C++ Engineer — AI Runtime (Stealth Startup)About Us We are a stealth-mode startup building next-generation infrastructure for the AI industry. Our team has decades of experience in software, systems, and deep tech. We are working on a new kind of AI runtime that pushes the boundaries of performance and flexibility — making advanced models portable, efficient, and customizable for real-world deployment.
If you want to be part of a small, fast-moving team shaping the future of applied AI systems, this is your opportunity. Role We are looking for a C++ Engineer with strong systems and GPU programming background to help extend and optimize an open-source AI inference runtime. You will work on low-level internals of large language model serving, focusing on: * Dynamic adapter integration (e.g., LoRA/QLoRA) * Incremental model update mechanisms * Multi-session inference caching and scheduling * GPU performance improvements (Tensor Cores, CUDA/ROCm)
This is a hands-on role: you will be designing, coding, profiling, and iterating on high-performance inference code that runs directly on CPUs and GPUs. Responsibilities * Implement support for runtime adapter loading (LoRA), enabling models to be customized on the fly without retraining or model merges. * Design and implement mechanisms for incremental model deltas, allowing models to be extended and updated efficiently. * Extend runtime to handle multi-session execution, with isolation and caching strategies for concurrent users. * Optimize core math kernels and memory layouts to improve inference performance on CPU and GPU backends. * Collaborate with backend and infrastructure engineers to integrate your work into APIs and orchestration layers. * Write benchmarks, unit tests, and profiling tools to ensure correctness and measure performance gains. * Contribute to system architecture discussions and help define the roadmap for future runtime features.

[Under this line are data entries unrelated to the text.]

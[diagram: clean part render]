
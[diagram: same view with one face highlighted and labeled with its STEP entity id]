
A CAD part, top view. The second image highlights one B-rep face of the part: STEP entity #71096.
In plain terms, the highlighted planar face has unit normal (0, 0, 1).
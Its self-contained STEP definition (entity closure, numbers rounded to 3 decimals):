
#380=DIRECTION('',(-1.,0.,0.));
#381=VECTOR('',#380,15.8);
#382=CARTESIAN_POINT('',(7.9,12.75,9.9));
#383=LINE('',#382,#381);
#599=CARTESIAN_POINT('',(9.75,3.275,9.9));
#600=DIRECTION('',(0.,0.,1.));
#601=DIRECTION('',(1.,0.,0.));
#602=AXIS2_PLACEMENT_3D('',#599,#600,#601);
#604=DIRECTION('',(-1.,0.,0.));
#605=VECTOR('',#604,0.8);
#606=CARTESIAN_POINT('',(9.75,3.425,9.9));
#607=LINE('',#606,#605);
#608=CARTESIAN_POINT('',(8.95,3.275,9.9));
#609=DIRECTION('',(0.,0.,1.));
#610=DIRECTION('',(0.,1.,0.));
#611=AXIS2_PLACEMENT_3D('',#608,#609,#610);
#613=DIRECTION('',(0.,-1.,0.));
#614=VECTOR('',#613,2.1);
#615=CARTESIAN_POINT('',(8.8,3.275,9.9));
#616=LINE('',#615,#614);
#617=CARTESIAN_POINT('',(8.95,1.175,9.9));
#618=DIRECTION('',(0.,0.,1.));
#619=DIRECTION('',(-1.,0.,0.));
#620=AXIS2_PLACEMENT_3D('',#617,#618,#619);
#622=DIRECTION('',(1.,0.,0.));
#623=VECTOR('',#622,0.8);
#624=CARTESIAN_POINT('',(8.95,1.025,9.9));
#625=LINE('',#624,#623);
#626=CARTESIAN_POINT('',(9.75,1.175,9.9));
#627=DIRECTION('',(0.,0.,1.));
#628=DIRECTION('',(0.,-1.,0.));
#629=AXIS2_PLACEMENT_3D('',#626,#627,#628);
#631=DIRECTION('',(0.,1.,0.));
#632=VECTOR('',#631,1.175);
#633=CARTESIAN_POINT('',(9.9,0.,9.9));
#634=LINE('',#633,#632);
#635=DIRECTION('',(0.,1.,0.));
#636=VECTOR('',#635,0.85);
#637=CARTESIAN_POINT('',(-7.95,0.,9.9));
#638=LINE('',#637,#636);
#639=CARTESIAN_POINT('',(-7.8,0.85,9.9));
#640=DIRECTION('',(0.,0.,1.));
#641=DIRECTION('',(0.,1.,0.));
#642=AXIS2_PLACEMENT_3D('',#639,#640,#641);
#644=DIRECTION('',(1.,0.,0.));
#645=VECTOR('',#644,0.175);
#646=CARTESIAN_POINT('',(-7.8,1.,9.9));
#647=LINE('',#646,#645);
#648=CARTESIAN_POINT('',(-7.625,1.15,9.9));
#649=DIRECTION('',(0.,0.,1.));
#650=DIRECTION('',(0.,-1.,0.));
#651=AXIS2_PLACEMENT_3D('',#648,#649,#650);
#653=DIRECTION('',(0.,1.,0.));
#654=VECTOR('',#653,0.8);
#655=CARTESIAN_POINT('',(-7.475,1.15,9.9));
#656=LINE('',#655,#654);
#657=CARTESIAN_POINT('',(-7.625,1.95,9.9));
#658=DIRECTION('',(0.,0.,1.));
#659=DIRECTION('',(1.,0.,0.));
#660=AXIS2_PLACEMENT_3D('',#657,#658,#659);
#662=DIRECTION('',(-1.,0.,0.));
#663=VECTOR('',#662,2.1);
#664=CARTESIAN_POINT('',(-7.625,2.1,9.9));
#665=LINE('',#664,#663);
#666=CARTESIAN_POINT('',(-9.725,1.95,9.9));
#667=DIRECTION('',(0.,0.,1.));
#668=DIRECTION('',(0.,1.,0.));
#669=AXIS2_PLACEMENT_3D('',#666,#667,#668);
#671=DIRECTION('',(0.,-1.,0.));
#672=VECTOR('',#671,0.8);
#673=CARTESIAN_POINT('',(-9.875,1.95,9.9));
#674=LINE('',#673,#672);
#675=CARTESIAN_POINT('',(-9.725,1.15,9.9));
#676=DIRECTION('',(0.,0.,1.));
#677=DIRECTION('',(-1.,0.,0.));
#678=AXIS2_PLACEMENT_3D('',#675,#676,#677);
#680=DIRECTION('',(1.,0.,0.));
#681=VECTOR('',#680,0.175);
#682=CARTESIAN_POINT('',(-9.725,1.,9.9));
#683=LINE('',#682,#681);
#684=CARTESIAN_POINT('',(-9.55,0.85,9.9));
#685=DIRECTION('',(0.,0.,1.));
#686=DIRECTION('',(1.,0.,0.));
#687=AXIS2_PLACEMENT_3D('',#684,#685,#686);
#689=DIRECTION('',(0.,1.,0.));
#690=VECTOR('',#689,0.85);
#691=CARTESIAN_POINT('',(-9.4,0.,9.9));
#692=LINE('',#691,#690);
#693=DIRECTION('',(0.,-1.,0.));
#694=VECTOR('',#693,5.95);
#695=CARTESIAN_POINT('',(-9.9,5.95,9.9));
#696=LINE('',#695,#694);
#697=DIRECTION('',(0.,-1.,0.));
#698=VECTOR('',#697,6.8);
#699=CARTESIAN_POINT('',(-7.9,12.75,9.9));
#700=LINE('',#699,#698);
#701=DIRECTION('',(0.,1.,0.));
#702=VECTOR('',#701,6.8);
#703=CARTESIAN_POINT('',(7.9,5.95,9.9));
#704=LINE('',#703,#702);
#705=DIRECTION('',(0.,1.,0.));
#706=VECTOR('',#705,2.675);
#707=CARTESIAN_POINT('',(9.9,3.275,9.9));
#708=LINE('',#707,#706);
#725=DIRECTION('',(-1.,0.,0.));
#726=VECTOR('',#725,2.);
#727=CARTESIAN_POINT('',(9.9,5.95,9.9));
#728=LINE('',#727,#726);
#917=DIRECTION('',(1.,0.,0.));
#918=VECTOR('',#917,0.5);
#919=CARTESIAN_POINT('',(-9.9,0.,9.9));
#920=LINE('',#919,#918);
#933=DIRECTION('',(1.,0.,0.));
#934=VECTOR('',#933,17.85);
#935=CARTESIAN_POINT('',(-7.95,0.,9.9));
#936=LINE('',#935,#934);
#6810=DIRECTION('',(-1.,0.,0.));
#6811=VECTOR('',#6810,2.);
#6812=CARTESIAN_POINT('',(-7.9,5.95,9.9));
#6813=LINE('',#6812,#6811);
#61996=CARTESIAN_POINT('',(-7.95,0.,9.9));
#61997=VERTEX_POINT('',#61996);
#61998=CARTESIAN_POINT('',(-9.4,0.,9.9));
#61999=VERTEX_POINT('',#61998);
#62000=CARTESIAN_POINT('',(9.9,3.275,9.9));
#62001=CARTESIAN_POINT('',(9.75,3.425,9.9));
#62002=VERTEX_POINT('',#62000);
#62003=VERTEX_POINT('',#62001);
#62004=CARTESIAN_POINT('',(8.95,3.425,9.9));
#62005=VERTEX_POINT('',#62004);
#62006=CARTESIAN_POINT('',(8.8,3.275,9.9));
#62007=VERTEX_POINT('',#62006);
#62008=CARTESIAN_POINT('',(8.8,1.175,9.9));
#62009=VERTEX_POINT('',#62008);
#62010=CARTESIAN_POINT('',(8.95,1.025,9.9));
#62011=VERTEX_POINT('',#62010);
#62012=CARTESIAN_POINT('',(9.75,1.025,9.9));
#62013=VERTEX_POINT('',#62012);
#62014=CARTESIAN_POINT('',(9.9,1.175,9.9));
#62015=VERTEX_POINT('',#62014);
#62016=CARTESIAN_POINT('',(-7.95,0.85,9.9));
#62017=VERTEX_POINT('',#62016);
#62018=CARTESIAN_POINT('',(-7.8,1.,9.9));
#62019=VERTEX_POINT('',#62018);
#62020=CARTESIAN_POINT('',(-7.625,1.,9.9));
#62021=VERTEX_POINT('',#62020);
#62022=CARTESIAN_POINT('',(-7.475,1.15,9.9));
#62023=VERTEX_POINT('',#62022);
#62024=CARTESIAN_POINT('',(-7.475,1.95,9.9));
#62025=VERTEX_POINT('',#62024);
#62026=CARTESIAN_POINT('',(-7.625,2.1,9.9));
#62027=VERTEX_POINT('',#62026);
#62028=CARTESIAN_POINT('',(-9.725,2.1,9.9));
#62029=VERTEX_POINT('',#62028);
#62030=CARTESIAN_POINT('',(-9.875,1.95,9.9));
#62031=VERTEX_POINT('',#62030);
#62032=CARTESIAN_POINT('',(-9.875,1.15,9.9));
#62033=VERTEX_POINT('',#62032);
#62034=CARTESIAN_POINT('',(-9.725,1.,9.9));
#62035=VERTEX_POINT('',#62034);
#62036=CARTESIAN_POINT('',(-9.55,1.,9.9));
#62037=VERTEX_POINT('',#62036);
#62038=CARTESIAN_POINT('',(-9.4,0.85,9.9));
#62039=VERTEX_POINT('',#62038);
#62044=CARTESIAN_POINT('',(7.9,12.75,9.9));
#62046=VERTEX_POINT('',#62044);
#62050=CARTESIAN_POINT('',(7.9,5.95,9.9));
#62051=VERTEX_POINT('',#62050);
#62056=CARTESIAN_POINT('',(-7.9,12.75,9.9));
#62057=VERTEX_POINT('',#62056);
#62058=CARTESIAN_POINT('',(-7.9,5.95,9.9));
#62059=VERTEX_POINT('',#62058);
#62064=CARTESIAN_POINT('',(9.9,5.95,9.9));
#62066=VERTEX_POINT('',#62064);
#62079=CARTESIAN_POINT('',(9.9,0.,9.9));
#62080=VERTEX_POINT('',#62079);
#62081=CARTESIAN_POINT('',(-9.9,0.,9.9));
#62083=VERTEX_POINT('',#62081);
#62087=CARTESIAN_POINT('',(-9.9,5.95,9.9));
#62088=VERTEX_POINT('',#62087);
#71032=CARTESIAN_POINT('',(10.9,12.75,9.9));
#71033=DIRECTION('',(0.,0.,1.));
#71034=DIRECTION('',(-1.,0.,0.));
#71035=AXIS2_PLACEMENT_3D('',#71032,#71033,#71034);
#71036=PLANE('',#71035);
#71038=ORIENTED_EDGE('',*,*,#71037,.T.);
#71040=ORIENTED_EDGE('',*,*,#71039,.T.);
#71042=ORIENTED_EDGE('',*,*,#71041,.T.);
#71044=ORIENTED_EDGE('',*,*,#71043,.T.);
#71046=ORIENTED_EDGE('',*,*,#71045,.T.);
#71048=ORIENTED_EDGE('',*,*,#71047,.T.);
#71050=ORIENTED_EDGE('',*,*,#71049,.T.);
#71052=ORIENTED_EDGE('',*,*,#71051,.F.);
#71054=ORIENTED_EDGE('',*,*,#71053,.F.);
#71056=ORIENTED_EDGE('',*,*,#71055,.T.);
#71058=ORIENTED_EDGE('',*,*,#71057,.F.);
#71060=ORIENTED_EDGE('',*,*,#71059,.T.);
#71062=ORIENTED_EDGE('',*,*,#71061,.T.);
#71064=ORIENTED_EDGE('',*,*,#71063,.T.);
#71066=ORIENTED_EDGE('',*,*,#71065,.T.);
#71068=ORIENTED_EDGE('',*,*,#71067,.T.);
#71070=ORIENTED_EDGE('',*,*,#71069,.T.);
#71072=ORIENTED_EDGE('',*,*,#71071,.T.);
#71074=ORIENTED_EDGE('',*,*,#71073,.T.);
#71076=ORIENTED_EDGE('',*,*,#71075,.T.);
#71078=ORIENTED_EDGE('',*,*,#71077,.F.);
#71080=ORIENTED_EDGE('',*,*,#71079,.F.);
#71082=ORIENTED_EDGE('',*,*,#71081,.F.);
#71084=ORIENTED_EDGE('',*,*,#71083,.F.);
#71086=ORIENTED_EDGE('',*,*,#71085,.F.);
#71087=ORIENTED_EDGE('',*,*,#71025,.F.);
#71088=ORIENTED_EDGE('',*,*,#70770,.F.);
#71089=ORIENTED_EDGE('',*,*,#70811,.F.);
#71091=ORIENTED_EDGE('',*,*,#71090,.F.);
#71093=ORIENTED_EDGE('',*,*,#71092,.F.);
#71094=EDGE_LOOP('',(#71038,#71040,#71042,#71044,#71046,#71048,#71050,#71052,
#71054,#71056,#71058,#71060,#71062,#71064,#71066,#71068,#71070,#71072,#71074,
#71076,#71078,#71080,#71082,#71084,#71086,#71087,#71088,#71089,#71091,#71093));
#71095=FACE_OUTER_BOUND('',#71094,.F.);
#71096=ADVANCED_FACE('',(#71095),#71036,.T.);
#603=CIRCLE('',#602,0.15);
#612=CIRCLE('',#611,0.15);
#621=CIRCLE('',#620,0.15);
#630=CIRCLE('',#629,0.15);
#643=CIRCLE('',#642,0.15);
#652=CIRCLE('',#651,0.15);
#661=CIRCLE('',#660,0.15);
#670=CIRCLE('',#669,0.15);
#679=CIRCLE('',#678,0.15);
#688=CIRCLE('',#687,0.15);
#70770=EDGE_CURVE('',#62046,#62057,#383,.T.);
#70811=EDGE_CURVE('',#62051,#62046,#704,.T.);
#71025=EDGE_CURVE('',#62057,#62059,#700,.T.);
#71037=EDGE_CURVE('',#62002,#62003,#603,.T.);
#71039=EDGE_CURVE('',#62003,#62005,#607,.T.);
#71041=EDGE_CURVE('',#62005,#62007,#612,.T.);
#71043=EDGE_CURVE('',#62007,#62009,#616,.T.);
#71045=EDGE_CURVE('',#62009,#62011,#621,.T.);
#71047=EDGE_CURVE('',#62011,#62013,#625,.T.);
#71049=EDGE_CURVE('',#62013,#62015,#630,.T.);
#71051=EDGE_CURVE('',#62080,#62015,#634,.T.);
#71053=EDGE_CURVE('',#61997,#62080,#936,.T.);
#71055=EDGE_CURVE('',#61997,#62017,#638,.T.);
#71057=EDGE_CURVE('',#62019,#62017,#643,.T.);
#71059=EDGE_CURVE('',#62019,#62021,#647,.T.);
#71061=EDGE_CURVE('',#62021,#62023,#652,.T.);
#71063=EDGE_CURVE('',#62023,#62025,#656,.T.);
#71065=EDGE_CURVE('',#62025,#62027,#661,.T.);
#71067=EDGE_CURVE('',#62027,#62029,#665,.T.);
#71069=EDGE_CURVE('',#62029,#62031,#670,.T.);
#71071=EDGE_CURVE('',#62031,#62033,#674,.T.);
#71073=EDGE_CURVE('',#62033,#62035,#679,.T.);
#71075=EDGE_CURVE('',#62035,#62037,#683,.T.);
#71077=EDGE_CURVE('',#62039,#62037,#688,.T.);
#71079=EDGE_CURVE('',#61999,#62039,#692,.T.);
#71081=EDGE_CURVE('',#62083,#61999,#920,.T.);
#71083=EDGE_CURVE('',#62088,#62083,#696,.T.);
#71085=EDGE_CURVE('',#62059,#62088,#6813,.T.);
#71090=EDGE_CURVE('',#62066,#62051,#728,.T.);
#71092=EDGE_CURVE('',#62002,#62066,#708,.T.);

Requirements * Strong proficiency in modern C++ (C++14/17/20) and systems programming. * Solid understanding of low-level performance optimization: memory management, multithreading, SIMD, cache efficiency. * Experience with CUDA and/or ROCm/HIP GPU programming. * Familiarity with linear algebra kernels (matrix multiply, attention) and how they map to hardware acceleration (Tensor Cores, BLAS libraries, etc.). * Exposure to machine learning inference frameworks (e.g., llama.cpp, TensorRT, ONNX Runtime, TVM, PyTorch internals) is a plus. * Comfortable working in a Unix/Linux environment; experience with build systems (CMake, Bazel) and CI pipelines. * Strong problem-solving and debugging skills; ability to dive deep into both code and performance traces. * Self-motivated and able to thrive in a fast-moving startup environment.
Nice to Have * Experience implementing LoRA or adapter-based fine-tuning in inference runtimes. * Knowledge of quantization methods and deploying quantized models efficiently. * Background in distributed systems or multi-GPU orchestration. * Contributions to open-source ML/AI systems.
Why Join * Build core IP at the intersection of AI and systems engineering. * Work with a highly technical founding team on problems that are both intellectually challenging and commercially impactful. * Opportunity to shape the direction of a new AI platform from the ground up. * Competitive compensation (contract or full-time), equity potential, and flexible remote work.